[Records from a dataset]
##############################
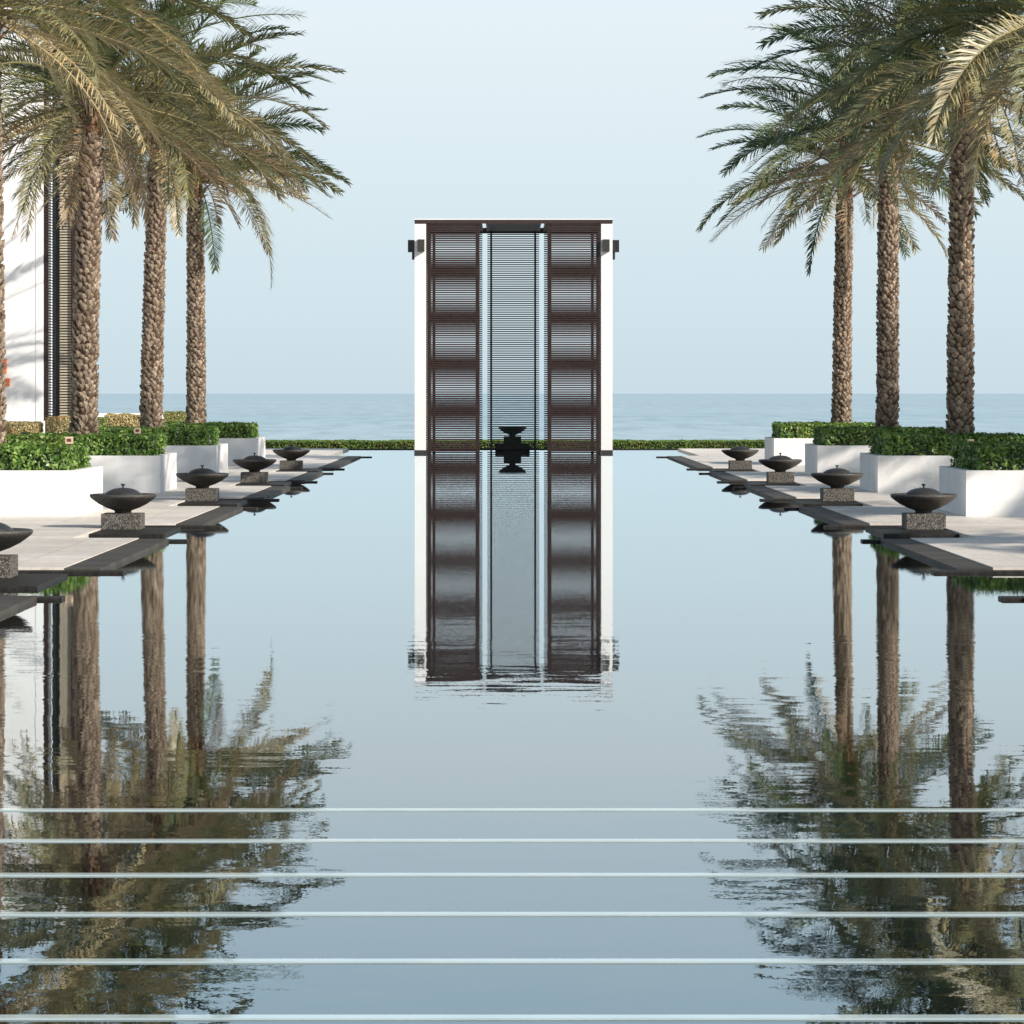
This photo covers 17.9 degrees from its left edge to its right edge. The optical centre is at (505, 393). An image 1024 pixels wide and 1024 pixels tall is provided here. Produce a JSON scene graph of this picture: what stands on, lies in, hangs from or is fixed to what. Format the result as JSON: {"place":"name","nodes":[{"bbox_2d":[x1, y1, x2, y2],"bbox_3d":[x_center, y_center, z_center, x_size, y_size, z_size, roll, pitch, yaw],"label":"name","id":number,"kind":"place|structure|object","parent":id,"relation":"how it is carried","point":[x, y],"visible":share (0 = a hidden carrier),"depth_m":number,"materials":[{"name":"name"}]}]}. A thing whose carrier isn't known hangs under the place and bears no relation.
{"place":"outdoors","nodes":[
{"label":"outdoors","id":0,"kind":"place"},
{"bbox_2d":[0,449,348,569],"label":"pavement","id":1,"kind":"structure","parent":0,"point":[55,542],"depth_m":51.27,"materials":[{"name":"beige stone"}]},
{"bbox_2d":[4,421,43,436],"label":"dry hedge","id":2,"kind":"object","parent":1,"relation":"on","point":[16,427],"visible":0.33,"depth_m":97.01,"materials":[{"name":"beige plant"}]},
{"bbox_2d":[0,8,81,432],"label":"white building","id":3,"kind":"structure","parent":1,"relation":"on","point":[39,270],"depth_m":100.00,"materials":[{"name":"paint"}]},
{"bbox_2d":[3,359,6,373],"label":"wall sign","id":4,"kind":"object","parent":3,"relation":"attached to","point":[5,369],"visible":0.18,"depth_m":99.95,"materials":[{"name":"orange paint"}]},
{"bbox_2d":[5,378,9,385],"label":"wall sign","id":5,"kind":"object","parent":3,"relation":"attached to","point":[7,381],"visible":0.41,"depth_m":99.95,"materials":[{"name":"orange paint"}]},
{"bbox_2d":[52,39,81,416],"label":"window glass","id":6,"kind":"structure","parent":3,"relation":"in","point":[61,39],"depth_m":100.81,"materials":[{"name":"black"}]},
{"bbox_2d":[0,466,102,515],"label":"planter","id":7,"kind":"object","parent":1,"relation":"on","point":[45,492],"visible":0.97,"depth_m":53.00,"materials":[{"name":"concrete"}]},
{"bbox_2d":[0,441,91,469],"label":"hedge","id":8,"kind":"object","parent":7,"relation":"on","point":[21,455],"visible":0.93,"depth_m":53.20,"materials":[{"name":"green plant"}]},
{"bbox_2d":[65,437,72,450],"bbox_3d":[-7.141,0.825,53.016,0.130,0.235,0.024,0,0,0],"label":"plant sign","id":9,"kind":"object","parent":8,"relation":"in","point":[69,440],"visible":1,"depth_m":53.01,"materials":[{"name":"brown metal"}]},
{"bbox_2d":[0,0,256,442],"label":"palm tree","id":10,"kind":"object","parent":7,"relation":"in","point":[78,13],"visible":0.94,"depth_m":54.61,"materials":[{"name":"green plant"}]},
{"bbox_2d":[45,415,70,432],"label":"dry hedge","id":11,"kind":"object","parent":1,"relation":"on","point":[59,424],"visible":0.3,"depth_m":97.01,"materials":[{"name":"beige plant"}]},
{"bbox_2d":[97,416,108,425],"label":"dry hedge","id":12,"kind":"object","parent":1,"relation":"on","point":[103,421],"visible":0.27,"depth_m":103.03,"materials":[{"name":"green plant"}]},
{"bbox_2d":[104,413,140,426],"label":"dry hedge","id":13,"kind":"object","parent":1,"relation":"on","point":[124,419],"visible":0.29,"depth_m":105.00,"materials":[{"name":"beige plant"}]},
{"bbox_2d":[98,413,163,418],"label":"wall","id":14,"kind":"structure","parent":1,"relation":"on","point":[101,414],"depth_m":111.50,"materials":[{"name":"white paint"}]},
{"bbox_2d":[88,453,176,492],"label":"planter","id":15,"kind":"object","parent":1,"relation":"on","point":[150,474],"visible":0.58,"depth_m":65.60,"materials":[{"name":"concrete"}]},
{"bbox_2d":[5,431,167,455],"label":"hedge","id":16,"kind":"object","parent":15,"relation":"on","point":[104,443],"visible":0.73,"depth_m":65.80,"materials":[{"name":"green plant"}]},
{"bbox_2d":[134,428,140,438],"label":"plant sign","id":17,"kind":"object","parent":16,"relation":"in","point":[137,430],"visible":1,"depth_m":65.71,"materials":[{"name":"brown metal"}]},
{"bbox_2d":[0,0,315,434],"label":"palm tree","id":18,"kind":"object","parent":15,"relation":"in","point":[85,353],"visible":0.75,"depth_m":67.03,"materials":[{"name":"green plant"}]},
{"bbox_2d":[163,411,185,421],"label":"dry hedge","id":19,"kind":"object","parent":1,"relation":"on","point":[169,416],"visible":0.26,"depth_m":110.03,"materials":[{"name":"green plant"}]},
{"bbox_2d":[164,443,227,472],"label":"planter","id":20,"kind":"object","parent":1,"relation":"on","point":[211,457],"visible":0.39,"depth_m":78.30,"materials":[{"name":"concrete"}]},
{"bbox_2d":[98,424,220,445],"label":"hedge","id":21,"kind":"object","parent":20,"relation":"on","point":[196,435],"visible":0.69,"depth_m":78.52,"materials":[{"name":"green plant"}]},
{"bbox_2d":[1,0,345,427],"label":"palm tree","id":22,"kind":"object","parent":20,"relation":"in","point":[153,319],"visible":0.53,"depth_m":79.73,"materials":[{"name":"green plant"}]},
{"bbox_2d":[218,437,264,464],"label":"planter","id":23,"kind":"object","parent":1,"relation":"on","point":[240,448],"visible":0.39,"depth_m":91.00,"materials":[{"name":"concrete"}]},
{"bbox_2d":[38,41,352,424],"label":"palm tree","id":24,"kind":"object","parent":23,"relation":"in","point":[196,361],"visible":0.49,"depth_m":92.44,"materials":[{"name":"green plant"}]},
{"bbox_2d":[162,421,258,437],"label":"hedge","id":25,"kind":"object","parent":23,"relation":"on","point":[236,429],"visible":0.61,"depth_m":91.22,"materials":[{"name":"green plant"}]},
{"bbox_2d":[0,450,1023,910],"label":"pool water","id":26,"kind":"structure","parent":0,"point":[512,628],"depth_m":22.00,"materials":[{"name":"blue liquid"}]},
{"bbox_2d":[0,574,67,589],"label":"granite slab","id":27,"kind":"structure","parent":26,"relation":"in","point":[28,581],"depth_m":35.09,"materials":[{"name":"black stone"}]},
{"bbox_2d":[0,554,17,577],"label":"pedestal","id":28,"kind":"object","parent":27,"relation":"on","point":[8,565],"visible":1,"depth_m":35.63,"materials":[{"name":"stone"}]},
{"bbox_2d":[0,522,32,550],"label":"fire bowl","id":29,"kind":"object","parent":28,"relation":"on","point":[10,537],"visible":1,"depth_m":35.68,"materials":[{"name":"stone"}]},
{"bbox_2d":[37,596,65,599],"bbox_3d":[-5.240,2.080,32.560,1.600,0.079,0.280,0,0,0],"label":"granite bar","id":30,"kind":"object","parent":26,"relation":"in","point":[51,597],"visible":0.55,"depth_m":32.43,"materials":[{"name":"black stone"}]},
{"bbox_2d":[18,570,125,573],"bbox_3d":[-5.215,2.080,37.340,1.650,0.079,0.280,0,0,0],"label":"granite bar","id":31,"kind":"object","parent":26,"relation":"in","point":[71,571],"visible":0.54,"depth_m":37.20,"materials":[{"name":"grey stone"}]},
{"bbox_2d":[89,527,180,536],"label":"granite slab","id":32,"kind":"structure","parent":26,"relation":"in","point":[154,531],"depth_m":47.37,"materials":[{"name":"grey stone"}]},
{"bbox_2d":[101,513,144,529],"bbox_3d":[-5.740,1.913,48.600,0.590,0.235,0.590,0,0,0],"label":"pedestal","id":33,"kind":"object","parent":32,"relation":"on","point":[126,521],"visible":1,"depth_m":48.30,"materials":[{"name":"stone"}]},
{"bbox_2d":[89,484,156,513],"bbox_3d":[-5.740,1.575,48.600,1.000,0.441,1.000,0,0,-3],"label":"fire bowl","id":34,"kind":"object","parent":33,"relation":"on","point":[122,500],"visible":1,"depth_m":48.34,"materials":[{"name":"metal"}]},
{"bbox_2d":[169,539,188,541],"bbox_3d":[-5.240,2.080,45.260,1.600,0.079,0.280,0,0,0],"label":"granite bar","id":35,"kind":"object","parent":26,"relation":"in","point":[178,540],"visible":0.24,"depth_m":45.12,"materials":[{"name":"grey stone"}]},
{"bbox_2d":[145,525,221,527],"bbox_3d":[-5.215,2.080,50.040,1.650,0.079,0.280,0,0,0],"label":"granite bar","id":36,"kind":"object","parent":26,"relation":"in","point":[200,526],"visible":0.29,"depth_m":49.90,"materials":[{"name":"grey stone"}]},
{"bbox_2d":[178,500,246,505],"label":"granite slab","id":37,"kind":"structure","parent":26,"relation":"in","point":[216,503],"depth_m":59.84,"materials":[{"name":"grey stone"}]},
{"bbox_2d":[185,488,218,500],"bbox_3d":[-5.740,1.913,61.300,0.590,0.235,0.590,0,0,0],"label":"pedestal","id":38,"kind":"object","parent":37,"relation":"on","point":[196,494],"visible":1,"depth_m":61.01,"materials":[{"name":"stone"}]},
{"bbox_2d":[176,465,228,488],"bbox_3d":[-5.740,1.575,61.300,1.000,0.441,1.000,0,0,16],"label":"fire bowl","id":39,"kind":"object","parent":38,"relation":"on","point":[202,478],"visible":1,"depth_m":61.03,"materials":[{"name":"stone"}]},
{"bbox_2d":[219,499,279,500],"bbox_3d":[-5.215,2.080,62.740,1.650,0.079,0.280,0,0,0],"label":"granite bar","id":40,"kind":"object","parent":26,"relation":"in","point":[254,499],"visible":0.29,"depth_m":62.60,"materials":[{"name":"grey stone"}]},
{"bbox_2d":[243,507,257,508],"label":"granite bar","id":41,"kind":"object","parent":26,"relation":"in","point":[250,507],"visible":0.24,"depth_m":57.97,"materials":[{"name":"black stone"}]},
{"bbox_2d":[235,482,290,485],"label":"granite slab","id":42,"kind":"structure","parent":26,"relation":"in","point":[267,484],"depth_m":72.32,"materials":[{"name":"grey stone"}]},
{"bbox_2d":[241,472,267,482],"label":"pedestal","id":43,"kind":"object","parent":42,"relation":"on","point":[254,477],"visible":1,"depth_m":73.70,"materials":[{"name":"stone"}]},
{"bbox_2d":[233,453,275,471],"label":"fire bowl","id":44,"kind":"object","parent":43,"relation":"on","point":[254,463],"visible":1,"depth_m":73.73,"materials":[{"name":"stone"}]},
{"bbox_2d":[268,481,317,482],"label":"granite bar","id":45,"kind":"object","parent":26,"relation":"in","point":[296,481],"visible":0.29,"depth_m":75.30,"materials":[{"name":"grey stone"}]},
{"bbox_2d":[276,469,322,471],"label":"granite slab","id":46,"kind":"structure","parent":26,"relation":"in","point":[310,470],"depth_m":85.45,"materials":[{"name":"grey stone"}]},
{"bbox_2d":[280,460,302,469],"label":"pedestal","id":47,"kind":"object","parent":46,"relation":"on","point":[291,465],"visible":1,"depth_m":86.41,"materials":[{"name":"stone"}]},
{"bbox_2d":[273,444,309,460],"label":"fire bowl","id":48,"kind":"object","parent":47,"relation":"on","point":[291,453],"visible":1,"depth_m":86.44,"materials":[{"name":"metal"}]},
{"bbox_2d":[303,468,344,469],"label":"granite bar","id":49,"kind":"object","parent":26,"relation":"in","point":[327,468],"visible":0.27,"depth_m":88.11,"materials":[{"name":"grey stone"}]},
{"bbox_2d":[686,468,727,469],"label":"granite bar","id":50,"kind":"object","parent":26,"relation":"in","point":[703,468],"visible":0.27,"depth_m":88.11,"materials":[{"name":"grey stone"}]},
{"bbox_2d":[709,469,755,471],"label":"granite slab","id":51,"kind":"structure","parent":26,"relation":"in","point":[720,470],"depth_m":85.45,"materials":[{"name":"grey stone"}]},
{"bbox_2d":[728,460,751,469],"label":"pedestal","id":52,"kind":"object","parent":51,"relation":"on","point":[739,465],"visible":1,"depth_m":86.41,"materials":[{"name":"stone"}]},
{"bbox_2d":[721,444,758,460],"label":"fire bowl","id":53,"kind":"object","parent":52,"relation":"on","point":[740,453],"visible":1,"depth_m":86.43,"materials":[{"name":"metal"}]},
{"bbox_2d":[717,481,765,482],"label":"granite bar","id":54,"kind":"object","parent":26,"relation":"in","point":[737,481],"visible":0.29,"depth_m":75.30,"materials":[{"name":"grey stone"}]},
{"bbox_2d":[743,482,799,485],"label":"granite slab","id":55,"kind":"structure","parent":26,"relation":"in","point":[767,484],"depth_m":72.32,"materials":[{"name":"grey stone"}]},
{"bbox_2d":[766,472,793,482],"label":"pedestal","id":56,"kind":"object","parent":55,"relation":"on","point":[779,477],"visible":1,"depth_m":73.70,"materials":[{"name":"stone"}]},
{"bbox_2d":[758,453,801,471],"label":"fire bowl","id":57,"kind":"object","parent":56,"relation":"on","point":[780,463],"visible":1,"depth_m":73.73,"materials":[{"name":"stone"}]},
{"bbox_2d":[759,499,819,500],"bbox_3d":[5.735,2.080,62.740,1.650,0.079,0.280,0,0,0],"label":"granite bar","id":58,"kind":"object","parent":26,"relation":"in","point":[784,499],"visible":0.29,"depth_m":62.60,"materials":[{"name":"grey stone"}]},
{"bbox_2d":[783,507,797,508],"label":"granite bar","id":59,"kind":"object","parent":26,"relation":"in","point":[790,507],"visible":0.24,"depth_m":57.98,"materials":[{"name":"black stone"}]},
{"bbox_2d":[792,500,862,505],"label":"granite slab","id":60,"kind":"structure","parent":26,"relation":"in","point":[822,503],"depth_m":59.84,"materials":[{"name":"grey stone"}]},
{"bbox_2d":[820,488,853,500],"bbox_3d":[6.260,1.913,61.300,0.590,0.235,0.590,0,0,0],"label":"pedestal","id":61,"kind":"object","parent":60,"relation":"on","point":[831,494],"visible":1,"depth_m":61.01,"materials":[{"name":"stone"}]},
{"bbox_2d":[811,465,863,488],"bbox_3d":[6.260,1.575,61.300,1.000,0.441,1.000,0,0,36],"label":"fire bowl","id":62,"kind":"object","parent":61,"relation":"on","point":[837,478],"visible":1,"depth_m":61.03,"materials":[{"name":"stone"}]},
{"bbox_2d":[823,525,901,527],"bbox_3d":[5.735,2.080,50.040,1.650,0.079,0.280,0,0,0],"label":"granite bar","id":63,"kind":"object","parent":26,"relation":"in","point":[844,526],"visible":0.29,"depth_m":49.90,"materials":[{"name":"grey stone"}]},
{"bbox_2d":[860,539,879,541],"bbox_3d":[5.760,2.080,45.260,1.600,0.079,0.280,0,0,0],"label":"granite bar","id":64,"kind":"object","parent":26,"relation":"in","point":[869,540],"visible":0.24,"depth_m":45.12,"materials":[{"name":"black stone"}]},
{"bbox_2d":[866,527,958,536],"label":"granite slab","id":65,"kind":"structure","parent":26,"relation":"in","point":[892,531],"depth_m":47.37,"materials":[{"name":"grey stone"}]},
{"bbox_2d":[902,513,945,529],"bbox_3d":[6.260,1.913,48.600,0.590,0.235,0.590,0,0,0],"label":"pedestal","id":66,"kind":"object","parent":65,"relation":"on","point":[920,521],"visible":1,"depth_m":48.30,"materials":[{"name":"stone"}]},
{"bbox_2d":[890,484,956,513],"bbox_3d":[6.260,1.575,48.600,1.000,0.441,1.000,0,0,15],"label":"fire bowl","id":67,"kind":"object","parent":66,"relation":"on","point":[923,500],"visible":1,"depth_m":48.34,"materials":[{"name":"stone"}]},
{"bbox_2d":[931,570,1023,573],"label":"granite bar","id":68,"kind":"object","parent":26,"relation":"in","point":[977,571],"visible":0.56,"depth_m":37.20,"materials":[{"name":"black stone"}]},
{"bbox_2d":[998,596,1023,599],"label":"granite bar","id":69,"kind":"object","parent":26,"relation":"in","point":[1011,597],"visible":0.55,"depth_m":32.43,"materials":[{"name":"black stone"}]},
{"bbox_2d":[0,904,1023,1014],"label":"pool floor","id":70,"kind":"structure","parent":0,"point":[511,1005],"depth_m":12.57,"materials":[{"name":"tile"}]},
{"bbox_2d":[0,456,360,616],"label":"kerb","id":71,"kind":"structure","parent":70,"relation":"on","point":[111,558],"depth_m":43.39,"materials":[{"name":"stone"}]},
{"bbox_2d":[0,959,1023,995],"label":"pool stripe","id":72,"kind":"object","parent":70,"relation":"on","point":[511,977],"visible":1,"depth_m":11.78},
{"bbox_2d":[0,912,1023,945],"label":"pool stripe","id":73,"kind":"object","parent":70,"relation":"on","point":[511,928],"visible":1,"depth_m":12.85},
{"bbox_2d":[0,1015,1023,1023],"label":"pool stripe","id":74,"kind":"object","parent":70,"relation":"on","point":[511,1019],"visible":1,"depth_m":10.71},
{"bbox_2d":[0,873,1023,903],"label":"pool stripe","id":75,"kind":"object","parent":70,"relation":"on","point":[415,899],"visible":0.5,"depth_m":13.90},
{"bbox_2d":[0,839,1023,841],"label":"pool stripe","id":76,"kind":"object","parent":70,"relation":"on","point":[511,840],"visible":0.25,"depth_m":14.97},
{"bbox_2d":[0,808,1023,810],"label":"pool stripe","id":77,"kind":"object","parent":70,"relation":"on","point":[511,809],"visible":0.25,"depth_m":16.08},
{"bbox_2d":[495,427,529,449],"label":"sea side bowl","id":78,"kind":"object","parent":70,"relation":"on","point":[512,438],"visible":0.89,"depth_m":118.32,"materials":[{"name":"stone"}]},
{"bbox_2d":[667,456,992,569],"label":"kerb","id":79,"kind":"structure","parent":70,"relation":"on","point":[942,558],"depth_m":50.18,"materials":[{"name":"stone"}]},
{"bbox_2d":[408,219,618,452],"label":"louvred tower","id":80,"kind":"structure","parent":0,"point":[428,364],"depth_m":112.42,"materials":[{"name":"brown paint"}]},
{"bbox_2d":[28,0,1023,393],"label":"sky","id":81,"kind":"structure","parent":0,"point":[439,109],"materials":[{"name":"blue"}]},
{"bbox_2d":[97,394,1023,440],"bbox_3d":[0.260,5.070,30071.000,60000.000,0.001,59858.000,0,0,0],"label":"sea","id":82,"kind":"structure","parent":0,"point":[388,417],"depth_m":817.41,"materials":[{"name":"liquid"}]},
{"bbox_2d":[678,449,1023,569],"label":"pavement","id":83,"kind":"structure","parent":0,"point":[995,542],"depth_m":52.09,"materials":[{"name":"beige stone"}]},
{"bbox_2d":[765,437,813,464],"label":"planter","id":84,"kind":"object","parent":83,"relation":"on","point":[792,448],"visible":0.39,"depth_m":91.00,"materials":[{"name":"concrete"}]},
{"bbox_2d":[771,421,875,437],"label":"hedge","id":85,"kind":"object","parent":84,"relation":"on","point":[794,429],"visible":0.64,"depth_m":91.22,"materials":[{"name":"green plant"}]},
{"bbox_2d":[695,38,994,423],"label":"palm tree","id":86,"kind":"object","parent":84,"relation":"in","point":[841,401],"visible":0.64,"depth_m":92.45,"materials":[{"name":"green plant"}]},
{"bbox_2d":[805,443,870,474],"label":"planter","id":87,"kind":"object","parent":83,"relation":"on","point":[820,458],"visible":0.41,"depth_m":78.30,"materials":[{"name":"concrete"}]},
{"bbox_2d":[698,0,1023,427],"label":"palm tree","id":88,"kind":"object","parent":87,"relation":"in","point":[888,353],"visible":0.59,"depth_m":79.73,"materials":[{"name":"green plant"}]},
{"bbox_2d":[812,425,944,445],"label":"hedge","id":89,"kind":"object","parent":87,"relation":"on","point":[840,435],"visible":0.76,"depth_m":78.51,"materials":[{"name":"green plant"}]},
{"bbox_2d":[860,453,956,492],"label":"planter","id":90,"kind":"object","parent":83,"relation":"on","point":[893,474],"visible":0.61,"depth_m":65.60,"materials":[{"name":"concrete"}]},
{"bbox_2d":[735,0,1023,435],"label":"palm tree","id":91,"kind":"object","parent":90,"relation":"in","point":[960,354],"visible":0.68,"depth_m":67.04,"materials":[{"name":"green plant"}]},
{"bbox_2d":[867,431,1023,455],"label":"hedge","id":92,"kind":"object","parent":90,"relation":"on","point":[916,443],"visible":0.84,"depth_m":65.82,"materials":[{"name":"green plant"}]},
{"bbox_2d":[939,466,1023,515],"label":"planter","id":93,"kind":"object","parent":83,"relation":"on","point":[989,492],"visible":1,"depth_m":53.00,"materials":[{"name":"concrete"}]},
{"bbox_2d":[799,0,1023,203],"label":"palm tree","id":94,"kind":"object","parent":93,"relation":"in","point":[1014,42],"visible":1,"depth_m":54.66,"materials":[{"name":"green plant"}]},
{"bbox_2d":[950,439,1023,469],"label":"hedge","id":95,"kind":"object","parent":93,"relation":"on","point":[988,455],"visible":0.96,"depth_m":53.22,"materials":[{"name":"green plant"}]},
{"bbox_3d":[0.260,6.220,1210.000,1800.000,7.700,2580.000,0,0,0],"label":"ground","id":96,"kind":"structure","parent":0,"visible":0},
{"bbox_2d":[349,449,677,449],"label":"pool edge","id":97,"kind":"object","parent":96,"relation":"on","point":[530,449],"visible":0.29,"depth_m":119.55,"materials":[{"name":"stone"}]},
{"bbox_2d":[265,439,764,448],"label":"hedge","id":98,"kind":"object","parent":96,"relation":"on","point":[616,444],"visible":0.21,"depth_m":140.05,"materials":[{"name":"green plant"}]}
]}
##############################
## TASK TO COMPLETE
In the records above, collect each line with "nodes".

## WRITTEN SOLUTION
This photo covers 17.9 degrees from its left edge to its right edge. The optical centre is at (505, 393). An image 1024 pixels wide and 1024 pixels tall is provided here. Produce a JSON scene graph of this picture: what stands on, lies in, hangs from or is fixed to what. Format the result as JSON: {"place":"name","nodes":[{"bbox_2d":[x1, y1, x2, y2],"bbox_3d":[x_center, y_center, z_center, x_size, y_size, z_size, roll, pitch, yaw],"label":"name","id":number,"kind":"place|structure|object","parent":id,"relation":"how it is carried","point":[x, y],"visible":share (0 = a hidden carrier),"depth_m":number,"materials":[{"name":"name"}]}]}. A thing whose carrier isn't known hangs under the place and bears no relation.
{"place":"outdoors","nodes":[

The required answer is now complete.